Point $A (9,3)$ lies on the graph of $h(x) = \sqrt x $. State the coordinates of $A'$, the image of $A$ on $g(x) = 1/2h(x+3)-4$.
First, I wrote $g(x) = 1/2 * 6 - 4 = -1$. Yet, my teacher wrote $g(x)=1/2(3)-4$. She wrote $A'$ as $(6, -2.5)$, but I cannot figure out why she wrote her equation like that, even with her explanation.
Why did she write her equation like that, and how did she find the x-coordinate for $A'$?
In the stated form, the task is ill-posed, and open to interpretation - it's not mathematically rigorous unless it's specified what exactly the "image" means. If you are mapping 2D to 2D (coordinates to new coordinates), you need more than one function. You would need to specify how both $x$ and $y$ are transformed.
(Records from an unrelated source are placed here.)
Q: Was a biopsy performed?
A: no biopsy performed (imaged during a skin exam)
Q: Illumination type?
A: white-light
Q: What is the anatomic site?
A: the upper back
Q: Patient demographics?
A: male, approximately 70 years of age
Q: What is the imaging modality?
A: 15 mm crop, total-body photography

However, I think I can decipher what kind of transformation she meant. The trick is not to put $h(x)=\sqrt{x}$ into it but to literally follow transformation of the function graph step by step. Consider this sequence:
$$h(x)\to h(x\color{red}{+3})$$ $$h(x+3)\to \color{red}{\frac12} h(x+3)$$ $$\frac12h(x+3)\to \frac12h(x+3)\color{red}{-4}$$
First step is shift to left by 3, then scale by half vertically and then shift by 4 down. Therefore, we get
$$(9,3)\to(6,3)\to (6,3/2)\to (6,-5/2)$$
Still, you were right to question the meaning of the task. If you just see the written function as $g(x)=\frac12 \sqrt{x+3}-4$, you can just put in a single number $x$ and get another number out (no way of knowing which original 2D point you came from). Similarly, if someone wrote $\frac12 h(x+3)-4h(x)$, you could not interpret it the way I did (you would have a combination of two shifted copies of the same curve). You should treat this just as a very effective learning task for getting used to shifting and scaling functions in all directions.